What is required: The material below holds a span beginning at the line with "#3217=AXIS2_PLACEMENT_3D('',#5924,#3644,#3645);" and ending at the line with "#3628=DIRECTION('',(0.,0.,1.));". Quote that span exactly, both ends included, and only that span.

Dataset content:
########################################

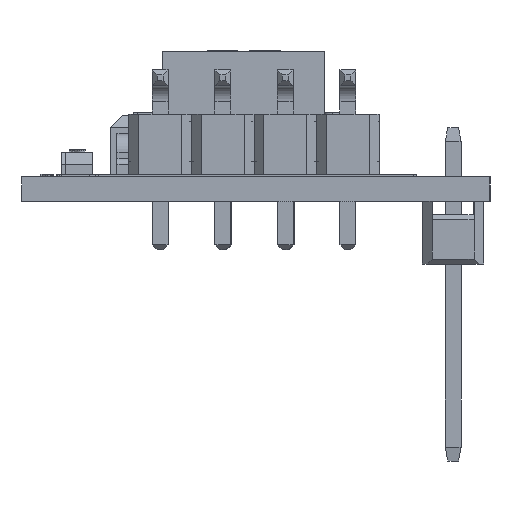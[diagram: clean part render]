
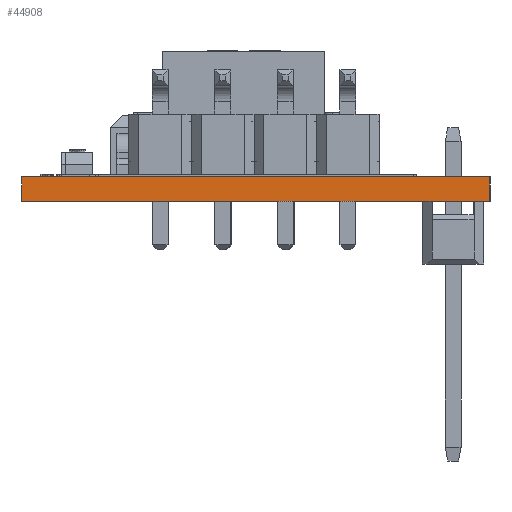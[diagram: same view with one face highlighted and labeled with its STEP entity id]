
A CAD part, left-side view. The second image highlights one B-rep face of the part: STEP entity #44908.
In plain terms, the highlighted planar face has unit normal (-1, 0, 0).
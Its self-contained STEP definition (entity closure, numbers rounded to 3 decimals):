
#3346=FACE_OUTER_BOUND('',#5897,.T.);
#5897=EDGE_LOOP('',(#36092,#36093,#36094,#36095));
#7669=LINE('',#63689,#12962);
#10052=LINE('',#71586,#15345);
#10053=LINE('',#71589,#15346);
#10054=LINE('',#71590,#15347);
#12962=VECTOR('',#49668,10.);
#15345=VECTOR('',#54171,10.);
#15346=VECTOR('',#54174,10.);
#15347=VECTOR('',#54175,10.);
#18264=VERTEX_POINT('',#63686);
#18265=VERTEX_POINT('',#63688);
#20159=VERTEX_POINT('',#71584);
#20160=VERTEX_POINT('',#71588);
#22821=EDGE_CURVE('',#18264,#18265,#7669,.T.);
#25674=EDGE_CURVE('',#20159,#18265,#10052,.T.);
#25675=EDGE_CURVE('',#20160,#20159,#10053,.T.);
#25676=EDGE_CURVE('',#20160,#18264,#10054,.T.);
#36092=ORIENTED_EDGE('',*,*,#25675,.T.);
#36093=ORIENTED_EDGE('',*,*,#25674,.T.);
#36094=ORIENTED_EDGE('',*,*,#22821,.F.);
#36095=ORIENTED_EDGE('',*,*,#25676,.F.);
#41271=PLANE('',#47389);
#44908=ADVANCED_FACE('',(#3346),#41271,.T.);
#47389=AXIS2_PLACEMENT_3D('',#71587,#54172,#54173);
#49668=DIRECTION('',(0.,-1.,0.));
#54171=DIRECTION('',(0.,0.,1.));
#54172=DIRECTION('center_axis',(-1.,0.,0.));
#54173=DIRECTION('ref_axis',(0.,-1.,0.));
#54174=DIRECTION('',(0.,-1.,0.));
#54175=DIRECTION('',(0.,0.,1.));
#63686=CARTESIAN_POINT('',(-1.95,17.5,1.));
#63688=CARTESIAN_POINT('',(-1.95,-1.5,1.));
#63689=CARTESIAN_POINT('',(-1.95,17.5,1.));
#71584=CARTESIAN_POINT('',(-1.95,-1.5,0.));
#71586=CARTESIAN_POINT('',(-1.95,-1.5,0.));
#71587=CARTESIAN_POINT('Origin',(-1.95,17.5,0.));
#71588=CARTESIAN_POINT('',(-1.95,17.5,0.));
#71589=CARTESIAN_POINT('',(-1.95,17.5,0.));
#71590=CARTESIAN_POINT('',(-1.95,17.5,0.));
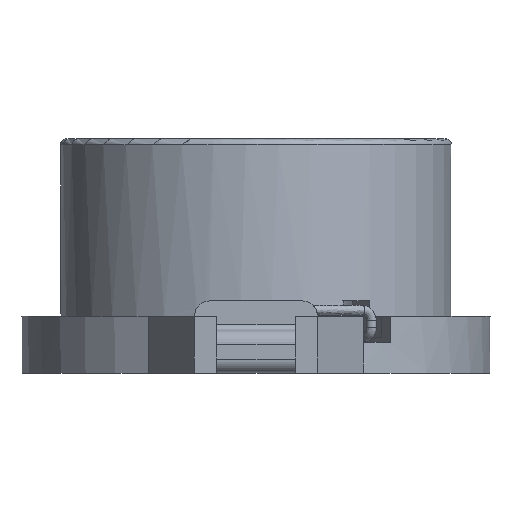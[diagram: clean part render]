
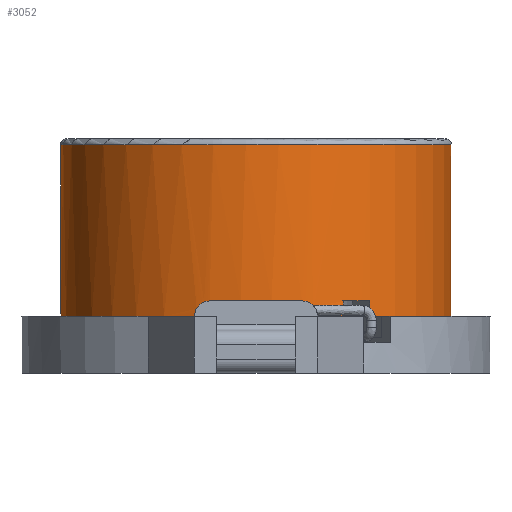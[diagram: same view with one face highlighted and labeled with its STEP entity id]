
A CAD part, left-side view. The second image highlights one B-rep face of the part: STEP entity #3052.
In plain terms, the highlighted cylindrical face has radius 6.35 mm (diameter 12.7 mm), a full revolution.
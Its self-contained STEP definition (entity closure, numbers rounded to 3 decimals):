
#56=CYLINDRICAL_SURFACE('',#3226,6.35);
#68=CIRCLE('',#3113,6.35);
#102=CIRCLE('',#3176,6.35);
#108=CIRCLE('',#3192,6.35);
#116=CIRCLE('',#3210,6.35);
#119=CIRCLE('',#3217,6.35);
#120=CIRCLE('',#3219,6.35);
#122=CIRCLE('',#3223,6.35);
#123=CIRCLE('',#3227,6.35);
#124=CIRCLE('',#3228,6.35);
#286=LINE('',#4368,#463);
#311=LINE('',#4438,#488);
#324=LINE('',#5526,#501);
#329=LINE('',#5544,#506);
#463=VECTOR('',#3466,1000.);
#488=VECTOR('',#3527,1000.);
#501=VECTOR('',#3570,1000.);
#506=VECTOR('',#3589,1000.);
#958=ORIENTED_EDGE('',*,*,#1193,.T.);
#959=ORIENTED_EDGE('',*,*,#1368,.T.);
#960=ORIENTED_EDGE('',*,*,#1371,.T.);
#961=ORIENTED_EDGE('',*,*,#1373,.T.);
#962=ORIENTED_EDGE('',*,*,#1380,.T.);
#963=ORIENTED_EDGE('',*,*,#1381,.T.);
#964=ORIENTED_EDGE('',*,*,#1259,.T.);
#965=ORIENTED_EDGE('',*,*,#1360,.T.);
#966=ORIENTED_EDGE('',*,*,#1328,.F.);
#967=ORIENTED_EDGE('',*,*,#1365,.T.);
#968=ORIENTED_EDGE('',*,*,#1379,.T.);
#969=ORIENTED_EDGE('',*,*,#1382,.T.);
#970=ORIENTED_EDGE('',*,*,#1376,.T.);
#971=ORIENTED_EDGE('',*,*,#1304,.T.);
#972=ORIENTED_EDGE('',*,*,#1294,.T.);
#973=ORIENTED_EDGE('',*,*,#1336,.F.);
#974=ORIENTED_EDGE('',*,*,#1337,.F.);
#1193=EDGE_CURVE('',#1469,#1469,#68,.T.);
#1259=EDGE_CURVE('',#1525,#1524,#286,.T.);
#1294=EDGE_CURVE('',#1552,#1551,#311,.T.);
#1304=EDGE_CURVE('',#1558,#1552,#102,.T.);
#1328=EDGE_CURVE('',#1578,#1579,#324,.T.);
#1336=EDGE_CURVE('',#1584,#1551,#108,.T.);
#1337=EDGE_CURVE('',#1585,#1584,#329,.T.);
#1360=EDGE_CURVE('',#1524,#1579,#116,.T.);
#1365=EDGE_CURVE('',#1578,#1602,#119,.T.);
#1368=EDGE_CURVE('',#1585,#1604,#120,.T.);
#1371=EDGE_CURVE('',#1604,#1606,#1671,.T.);
#1373=EDGE_CURVE('',#1606,#1608,#122,.T.);
#1376=EDGE_CURVE('',#1610,#1558,#1673,.T.);
#1379=EDGE_CURVE('',#1602,#1611,#1674,.T.);
#1380=EDGE_CURVE('',#1608,#1612,#1675,.T.);
#1381=EDGE_CURVE('',#1612,#1525,#123,.T.);
#1382=EDGE_CURVE('',#1611,#1610,#124,.T.);
#1469=VERTEX_POINT('',#4228);
#1524=VERTEX_POINT('',#4367);
#1525=VERTEX_POINT('',#4369);
#1551=VERTEX_POINT('',#4437);
#1552=VERTEX_POINT('',#4439);
#1558=VERTEX_POINT('',#4457);
#1578=VERTEX_POINT('',#5525);
#1579=VERTEX_POINT('',#5527);
#1584=VERTEX_POINT('',#5541);
#1585=VERTEX_POINT('',#5545);
#1602=VERTEX_POINT('',#5923);
#1604=VERTEX_POINT('',#5929);
#1606=VERTEX_POINT('',#5935);
#1608=VERTEX_POINT('',#7120);
#1610=VERTEX_POINT('',#7129);
#1611=VERTEX_POINT('',#7133);
#1612=VERTEX_POINT('',#7143);
#1671=B_SPLINE_CURVE_WITH_KNOTS('',3,(#5936,#5937,#5938,#5939),
 .UNSPECIFIED.,.F.,.F.,(4,4),(0.,0.001),.UNSPECIFIED.);
#1673=B_SPLINE_CURVE_WITH_KNOTS('',3,(#7125,#7126,#7127,#7128),
 .UNSPECIFIED.,.F.,.F.,(4,4),(0.,0.001),
 .UNSPECIFIED.);
#1674=B_SPLINE_CURVE_WITH_KNOTS('',3,(#7134,#7135,#7136,#7137),
 .UNSPECIFIED.,.F.,.F.,(4,4),(0.,0.001),.UNSPECIFIED.);
#1675=B_SPLINE_CURVE_WITH_KNOTS('',3,(#7139,#7140,#7141,#7142),
 .UNSPECIFIED.,.F.,.F.,(4,4),(0.,0.001),
 .UNSPECIFIED.);
#1816=EDGE_LOOP('',(#958));
#1817=EDGE_LOOP('',(#959,#960,#961,#962,#963,#964,#965,#966,#967,#968,#969,
#970,#971,#972,#973,#974));
#1990=FACE_BOUND('',#1816,.T.);
#1991=FACE_BOUND('',#1817,.T.);
#3052=ADVANCED_FACE('',(#1990,#1991),#56,.T.);
#3113=AXIS2_PLACEMENT_3D('',#4227,#3340,#3341);
#3176=AXIS2_PLACEMENT_3D('',#4456,#3543,#3544);
#3192=AXIS2_PLACEMENT_3D('',#5542,#3585,#3586);
#3210=AXIS2_PLACEMENT_3D('',#5842,#3628,#3629);
#3217=AXIS2_PLACEMENT_3D('',#5924,#3644,#3645);
#3219=AXIS2_PLACEMENT_3D('',#5930,#3650,#3651);
#3223=AXIS2_PLACEMENT_3D('',#7119,#3659,#3660);
#3226=AXIS2_PLACEMENT_3D('',#7138,#3669,#3670);
#3227=AXIS2_PLACEMENT_3D('',#7144,#3671,#3672);
#3228=AXIS2_PLACEMENT_3D('',#7145,#3673,#3674);
#3340=DIRECTION('',(0.,0.,-1.));
#3341=DIRECTION('',(-1.,0.,0.));
#3466=DIRECTION('',(0.,0.,1.));
#3527=DIRECTION('',(0.,0.,1.));
#3543=DIRECTION('',(0.,0.,1.));
#3544=DIRECTION('',(1.,0.,0.));
#3570=DIRECTION('',(0.,0.,1.));
#3585=DIRECTION('',(0.,0.,-1.));
#3586=DIRECTION('',(-1.,0.,0.));
#3589=DIRECTION('',(0.,0.,1.));
#3628=DIRECTION('',(0.,0.,1.));
#3629=DIRECTION('',(1.,0.,0.));
#3644=DIRECTION('',(0.,0.,1.));
#3645=DIRECTION('',(1.,0.,0.));
#3650=DIRECTION('',(0.,0.,1.));
#3651=DIRECTION('',(-1.,0.,0.));
#3659=DIRECTION('',(0.,0.,1.));
#3660=DIRECTION('',(1.,0.,0.));
#3669=DIRECTION('',(0.,0.,-1.));
#3670=DIRECTION('',(1.,0.,0.));
#3671=DIRECTION('',(0.,0.,1.));
#3672=DIRECTION('',(-1.,0.,0.));
#3673=DIRECTION('',(0.,0.,1.));
#3674=DIRECTION('',(1.,0.,0.));
#4227=CARTESIAN_POINT('',(0.,0.,-0.2));
#4228=CARTESIAN_POINT('',(-6.35,0.,-0.2));
#4367=CARTESIAN_POINT('',(-2.842,5.678,-5.27));
#4368=CARTESIAN_POINT('',(-2.842,5.678,-6.47));
#4369=CARTESIAN_POINT('',(-2.842,5.678,-5.77));
#4437=CARTESIAN_POINT('',(2.842,-5.678,-5.27));
#4438=CARTESIAN_POINT('',(2.842,-5.678,-6.47));
#4439=CARTESIAN_POINT('',(2.842,-5.678,-5.77));
#4456=CARTESIAN_POINT('',(0.,0.,-5.77));
#4457=CARTESIAN_POINT('',(2.,-6.027,-5.77));
#5525=CARTESIAN_POINT('',(-3.699,5.161,-5.77));
#5526=CARTESIAN_POINT('',(-3.699,5.161,-6.47));
#5527=CARTESIAN_POINT('',(-3.699,5.161,-5.27));
#5541=CARTESIAN_POINT('',(3.699,-5.161,-5.27));
#5542=CARTESIAN_POINT('',(0.,0.,-5.27));
#5544=CARTESIAN_POINT('',(3.699,-5.161,-6.47));
#5545=CARTESIAN_POINT('',(3.699,-5.161,-5.77));
#5842=CARTESIAN_POINT('',(0.,0.,-5.27));
#5923=CARTESIAN_POINT('',(-2.,-6.027,-5.77));
#5924=CARTESIAN_POINT('',(0.,0.,-5.77));
#5929=CARTESIAN_POINT('',(2.,6.027,-5.77));
#5930=CARTESIAN_POINT('',(0.,0.,-5.77));
#5935=CARTESIAN_POINT('',(1.5,6.17,-5.27));
#5936=CARTESIAN_POINT('',(2.,6.027,-5.77));
#5937=CARTESIAN_POINT('',(2.,6.027,-5.501));
#5938=CARTESIAN_POINT('',(1.761,6.107,-5.27));
#5939=CARTESIAN_POINT('',(1.5,6.17,-5.27));
#7119=CARTESIAN_POINT('',(0.,0.,-5.27));
#7120=CARTESIAN_POINT('',(-1.5,6.17,-5.27));
#7125=CARTESIAN_POINT('',(1.5,-6.17,-5.27));
#7126=CARTESIAN_POINT('',(1.762,-6.107,-5.27));
#7127=CARTESIAN_POINT('',(2.,-6.027,-5.5));
#7128=CARTESIAN_POINT('',(2.,-6.027,-5.77));
#7129=CARTESIAN_POINT('',(1.5,-6.17,-5.27));
#7133=CARTESIAN_POINT('',(-1.5,-6.17,-5.27));
#7134=CARTESIAN_POINT('',(-2.,-6.027,-5.77));
#7135=CARTESIAN_POINT('',(-2.,-6.027,-5.501));
#7136=CARTESIAN_POINT('',(-1.761,-6.107,-5.27));
#7137=CARTESIAN_POINT('',(-1.5,-6.17,-5.27));
#7138=CARTESIAN_POINT('',(0.,0.,-6.47));
#7139=CARTESIAN_POINT('',(-1.5,6.17,-5.27));
#7140=CARTESIAN_POINT('',(-1.762,6.107,-5.27));
#7141=CARTESIAN_POINT('',(-2.,6.027,-5.5));
#7142=CARTESIAN_POINT('',(-2.,6.027,-5.77));
#7143=CARTESIAN_POINT('',(-2.,6.027,-5.77));
#7144=CARTESIAN_POINT('',(0.,0.,-5.77));
#7145=CARTESIAN_POINT('',(0.,0.,-5.27));

########################################

Answer section:
#3217=AXIS2_PLACEMENT_3D('',#5924,#3644,#3645);
#3219=AXIS2_PLACEMENT_3D('',#5930,#3650,#3651);
#3223=AXIS2_PLACEMENT_3D('',#7119,#3659,#3660);
#3226=AXIS2_PLACEMENT_3D('',#7138,#3669,#3670);
#3227=AXIS2_PLACEMENT_3D('',#7144,#3671,#3672);
#3228=AXIS2_PLACEMENT_3D('',#7145,#3673,#3674);
#3340=DIRECTION('',(0.,0.,-1.));
#3341=DIRECTION('',(-1.,0.,0.));
#3466=DIRECTION('',(0.,0.,1.));
#3527=DIRECTION('',(0.,0.,1.));
#3543=DIRECTION('',(0.,0.,1.));
#3544=DIRECTION('',(1.,0.,0.));
#3570=DIRECTION('',(0.,0.,1.));
#3585=DIRECTION('',(0.,0.,-1.));
#3586=DIRECTION('',(-1.,0.,0.));
#3589=DIRECTION('',(0.,0.,1.));
#3628=DIRECTION('',(0.,0.,1.));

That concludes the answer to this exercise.